Auch Frau von Schlitz kam der Gedanke, und sie spürte schon den Antrieb, mit einigem Geräusche aufzustehen und ihrerseits die Unterhandlung kurzweg abzubrechen. Zum Glück begann der Pfarrer jetzt zu sprechen: es lag nicht in seiner Absicht, Hindernisse gegen Rudolfs Antrag aufzusuchen; er hatte sich nur sammeln müssen und tat jetzt ruhig eine und die andere Frage, welche nicht wohl unbeachtet bleiben konnten. Dann wurde Anna hereingerufen, und der Vater legte sein Kind an die Brust des ihm vor wenig Wochen noch völlig fremden Mannes; Frau von Schlitz aber ging an diesem Abend mit einem Unbehagen schlafen, über dessen verschiedene Ursachen sie vor sich selber jede Rechenschaft vermied.
Am Morgen, der dann folgte, erschien Rudolf nicht zum Frühstück; als die Mutter in seine Kammer ging, fand sie das Bett leer und augenscheinlich seit lange schon verlassen; erst nach einer weiteren Stunde trat er zu ihr in das Zimmer. Es war ihr nicht entgangen, daß seine Bewegungen hastig, daß ein unstetes Feuer in seinen Augen war; aber sie bezwang sich. »Du kommst wohl von einem weiten Spaziergange?« frug sie scheinbar ruhig.
»Ja, ja; ich bin recht weit umhergelaufen.«
»Aber dir ist nicht wohl! Du hast dich überanstrengt.«
»Du irrst, Mutter, ich bin kräftig wie je zuvor.«
»So sprich, was ist dir denn? Und laß mich nicht in solcher Angst!«
Rudolf war auf und ab gegangen; jetzt hielt er inne. »Mutter«, sagte er düster, »ich habe gestern übereilt gehandelt.«
Er wollte weitersprechen, aber die Mutter unterbrach ihn: »Du, Rudolf, übereilt? Das war nie deine Art! Und, gestern, sagst du?
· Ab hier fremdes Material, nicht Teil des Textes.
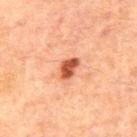No biopsy was performed on this lesion — it was imaged during a full skin examination and was not determined to be concerning. This is a cross-polarized tile. A roughly 15 mm field-of-view crop from a total-body skin photograph. A male subject, aged 58–62. Automated tile analysis of the lesion measured a mean CIELAB color near L≈42 a*≈25 b*≈30, roughly 14 lightness units darker than nearby skin, and a lesion-to-skin contrast of about 10.5 (normalized; higher = more distinct). Located on the upper back.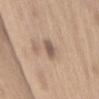  lesion_size:
    long_diameter_mm_approx: 3.0
  patient:
    sex: male
    age_approx: 70
  image:
    source: total-body photography crop
    field_of_view_mm: 15
  automated_metrics:
    area_mm2_approx: 3.5
    shape_asymmetry: 0.25
  site: abdomen
  lighting: white-light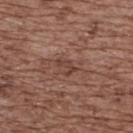The lesion was tiled from a total-body skin photograph and was not biopsied. A female subject roughly 75 years of age. Measured at roughly 2.5 mm in maximum diameter. A roughly 15 mm field-of-view crop from a total-body skin photograph. The lesion is located on the upper back.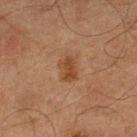This lesion was catalogued during total-body skin photography and was not selected for biopsy.
The subject is a male in their mid-60s.
On the right lower leg.
This image is a 15 mm lesion crop taken from a total-body photograph.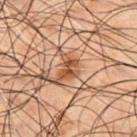The lesion was photographed on a routine skin check and not biopsied; there is no pathology result. The lesion is on the chest. Cropped from a total-body skin-imaging series; the visible field is about 15 mm. The subject is a male aged approximately 50.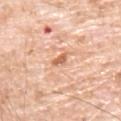No biopsy was performed on this lesion — it was imaged during a full skin examination and was not determined to be concerning.
From the back.
The subject is a male aged around 70.
Measured at roughly 2.5 mm in maximum diameter.
The lesion-visualizer software estimated an outline eccentricity of about 0.9 (0 = round, 1 = elongated). It also reported an average lesion color of about L≈64 a*≈25 b*≈36 (CIELAB), a lesion–skin lightness drop of about 12, and a lesion-to-skin contrast of about 8 (normalized; higher = more distinct). The software also gave a border-irregularity index near 5.5/10, internal color variation of about 0 on a 0–10 scale, and a peripheral color-asymmetry measure near 0.
A region of skin cropped from a whole-body photographic capture, roughly 15 mm wide.
This is a white-light tile.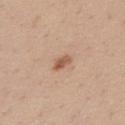A region of skin cropped from a whole-body photographic capture, roughly 15 mm wide.
The patient is a male aged around 40.
Longest diameter approximately 2.5 mm.
From the chest.
Imaged with white-light lighting.
The total-body-photography lesion software estimated internal color variation of about 3 on a 0–10 scale. The software also gave a nevus-likeness score of about 80/100 and lesion-presence confidence of about 100/100.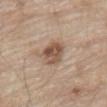The lesion was photographed on a routine skin check and not biopsied; there is no pathology result.
Cropped from a total-body skin-imaging series; the visible field is about 15 mm.
Measured at roughly 4 mm in maximum diameter.
The tile uses white-light illumination.
A male patient, aged 78 to 82.
The lesion is located on the abdomen.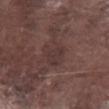follow-up = no biopsy performed (imaged during a skin exam)
illumination = white-light illumination
acquisition = 15 mm crop, total-body photography
lesion size = about 3.5 mm
location = the right lower leg
subject = male, in their mid-70s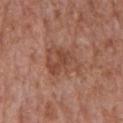Captured during whole-body skin photography for melanoma surveillance; the lesion was not biopsied. Captured under white-light illumination. The patient is a male aged 63 to 67. Cropped from a total-body skin-imaging series; the visible field is about 15 mm. The lesion is located on the chest. The recorded lesion diameter is about 4.5 mm.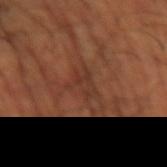biopsy_status: not biopsied; imaged during a skin examination
lesion_size:
  long_diameter_mm_approx: 3.5
site: left thigh
patient:
  sex: male
  age_approx: 65
image:
  source: total-body photography crop
  field_of_view_mm: 15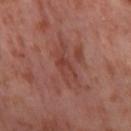Impression: Part of a total-body skin-imaging series; this lesion was reviewed on a skin check and was not flagged for biopsy. Background: On the leg. A roughly 15 mm field-of-view crop from a total-body skin photograph. A female patient roughly 55 years of age.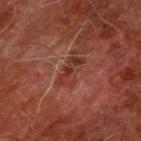The lesion was tiled from a total-body skin photograph and was not biopsied. The total-body-photography lesion software estimated an area of roughly 4.5 mm², an eccentricity of roughly 0.9, and two-axis asymmetry of about 0.4. And it measured a border-irregularity index near 6/10, internal color variation of about 0.5 on a 0–10 scale, and peripheral color asymmetry of about 0. A lesion tile, about 15 mm wide, cut from a 3D total-body photograph. About 4 mm across. On the left forearm. The patient is a male about 80 years old.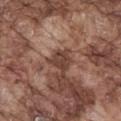Q: Was this lesion biopsied?
A: imaged on a skin check; not biopsied
Q: What lighting was used for the tile?
A: white-light
Q: What is the imaging modality?
A: total-body-photography crop, ~15 mm field of view
Q: Patient demographics?
A: male, aged around 75
Q: What is the anatomic site?
A: the mid back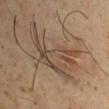Case summary:
* notes: total-body-photography surveillance lesion; no biopsy
* anatomic site: the left upper arm
* illumination: cross-polarized illumination
* lesion diameter: about 8 mm
* patient: male, aged 48 to 52
* automated metrics: a lesion–skin lightness drop of about 8; border irregularity of about 10 on a 0–10 scale, internal color variation of about 4.5 on a 0–10 scale, and peripheral color asymmetry of about 1.5; an automated nevus-likeness rating near 25 out of 100
* imaging modality: total-body-photography crop, ~15 mm field of view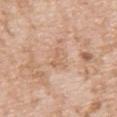Clinical impression:
Recorded during total-body skin imaging; not selected for excision or biopsy.
Image and clinical context:
A male patient aged around 50. The lesion is on the chest. A lesion tile, about 15 mm wide, cut from a 3D total-body photograph.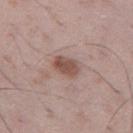Q: Was a biopsy performed?
A: imaged on a skin check; not biopsied
Q: Lesion size?
A: about 3.5 mm
Q: Illumination type?
A: white-light illumination
Q: Patient demographics?
A: male, about 50 years old
Q: Where on the body is the lesion?
A: the leg
Q: How was this image acquired?
A: ~15 mm tile from a whole-body skin photo

Gestern?«
Er nickte schweigend ; sie aber ergriff leidenschaftlich beide Hände ihres Sohnes: »Bereust du, Rudolf? Hat nur die Gegenwart des anderen Bewerbers dich so weit hingerissen? Wer weiß, du hättest vielleicht nur ein paar Tage noch zu warten brauchen ; und auch jetzt noch – –«
»Mutter!« rief er heftig, und dann: »Ich weiß von keinem anderen Bewerber.«
Frau von Schlitz besann sich. »Nun wohl«, entgegnete sie trocken, wie durch den ungewohnten Ton gekränkt, »was willst du denn von deiner Mutter?«
»Sag mir nur eines«, begann er zögernd; »weiß man hier von meiner Krankheit, von meinem Aufenthalte in der Anstalt? Hat Anna davon gewußt?«
Frau von Schlitz atmete tief auf: »Sei ruhig, mein Sohn; auch für sie, wie für alle Welt, war es – und es war ja auch in Wirklichkeit nichts anderes – nur eine Reise zur Erholung von schwerem Nervenübel.«
Aber die Augen des Sohnes blieben düster. »Ich dachte es«, sagte er; »und nun liegt es zwischen mir und meinem Glück.